Task brief:
Below is a listing to repeat exactly, with its pictures left out.

━━ Data in this exercise

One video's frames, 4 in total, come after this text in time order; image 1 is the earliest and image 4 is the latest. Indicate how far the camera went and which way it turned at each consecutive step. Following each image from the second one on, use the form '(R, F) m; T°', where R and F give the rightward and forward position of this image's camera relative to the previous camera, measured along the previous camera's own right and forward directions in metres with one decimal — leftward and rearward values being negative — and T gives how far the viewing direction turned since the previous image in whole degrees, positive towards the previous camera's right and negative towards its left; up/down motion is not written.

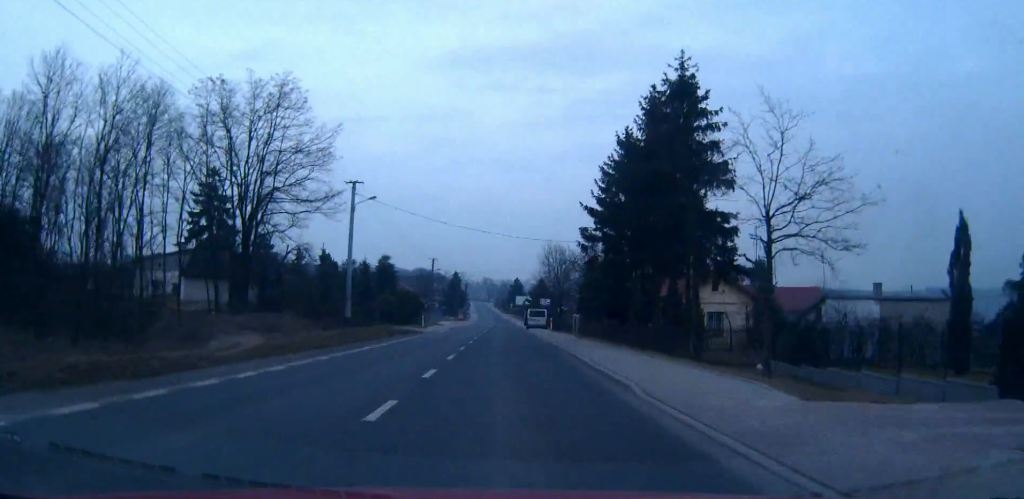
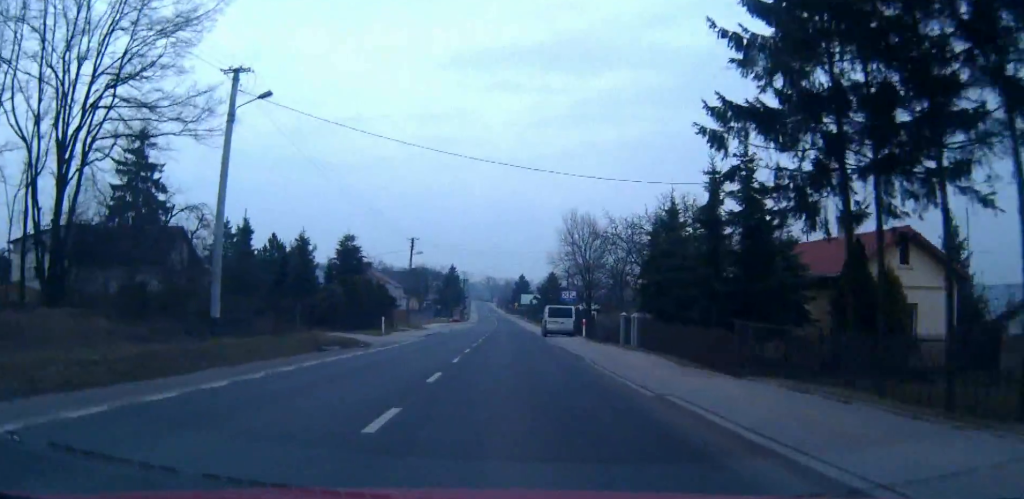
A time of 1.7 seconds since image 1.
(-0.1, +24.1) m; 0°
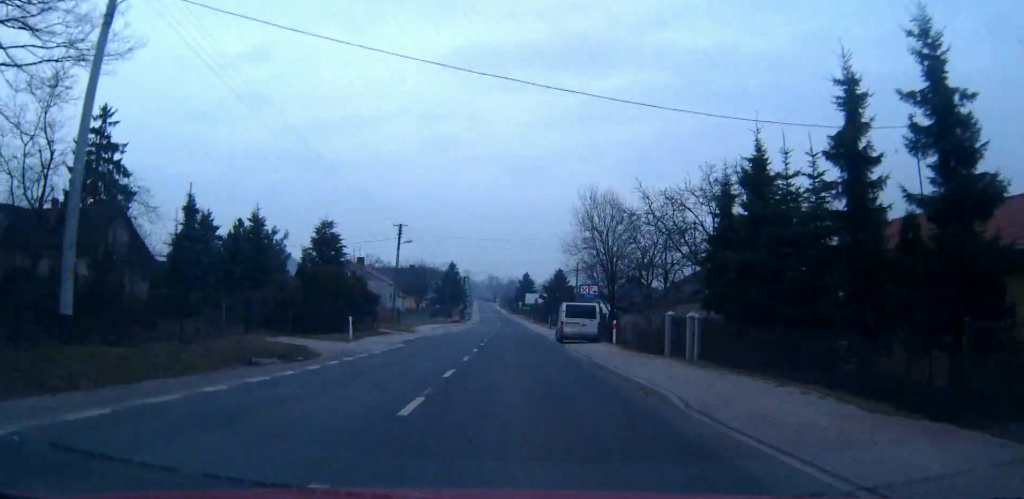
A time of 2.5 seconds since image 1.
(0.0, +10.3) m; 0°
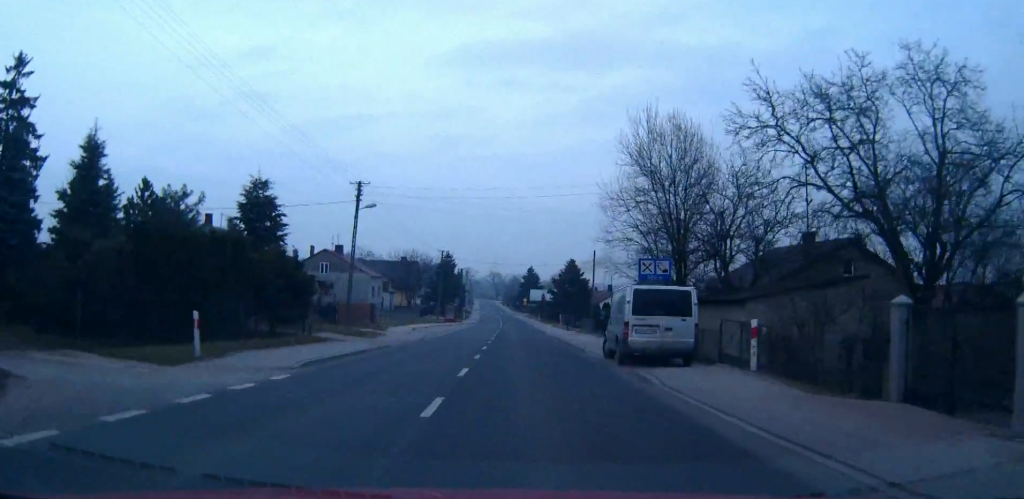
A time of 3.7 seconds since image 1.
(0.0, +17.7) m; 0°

━━━━

Answer space:
One video's frames, 4 in total, come after this text in time order; image 1 is the earliest and image 4 is the latest. Indicate how far the camera went and which way it turned at each consecutive step. Following each image from the second one on, use the form '(R, F) m; T°', where R and F give the rightward and forward position of this image's camera relative to the previous camera, measured along the previous camera's own right and forward directions in metres with one decimal — leftward and rearward values being negative — and T gives how far the viewing direction turned since the previous image in whole degrees, positive towards the previous camera's right and negative towards its left; up/down motion is not written.

A time of 1.7 seconds since image 1.
(-0.1, +24.1) m; 0°
A time of 2.5 seconds since image 1.
(0.0, +10.3) m; 0°
A time of 3.7 seconds since image 1.
(0.0, +17.7) m; 0°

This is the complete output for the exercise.